In vitro-engineered human cartilage after 3 months cultured in autologous serum. (A) Live tissue (1.8 × 1.5 × 0.5 mm). (B) Safranin O staining: cells in the core are widely separated by extracellular matrix mainly consisting of hyaline-cartilage specific proteoglycans (arrow). In the outer regions, the matrix deposition is reduced (arrowhead). (C-E) Immunolocalization of different proteins counterstained with hematoxylin: (C) collagen type II, (D) S-100 protein, and (E) collagen type I in the outer region and the inner part of the aggregate. (F) HE staining of native cartilage.

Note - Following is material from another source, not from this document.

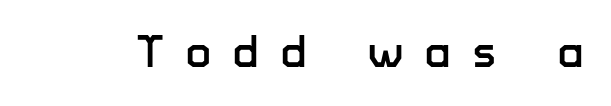
{"serif": "no", "italic": "no", "width": "normal", "stroke_contrast": "low", "x_height": "medium", "monospaced": "no", "underline": "no", "letter_spacing": "wide", "letter_spacing_em": 0.49, "glyph_px": 45}

Influence of antibiotics and FCS on cell condition

Usually, antibiotics are added to cell culture medium. In the presence of penicillin and streptomycin in chondrocyte monolayer cultures with autologous serum, we observed a prolongation of culture time to reach confluence compared with the absence of antibiotics. Furthermore, the aggregation of chondrocytes was delayed for up to 5 days (data not shown). During the first 4 weeks in aggregation culture, the expression of cartilage-specific proteins and the cell density were similar to aggregates cultured in the absence of antibiotics. However, there is no augmentation in the expression of collagen type II, S-100, and acidic mucopolysaccharides in aggregated chondrocytes up to 3 months (data not shown). This parallels the still high and unchanged cell density in spheroids cultured in the presence of antibiotics observed after 3 months (data not shown).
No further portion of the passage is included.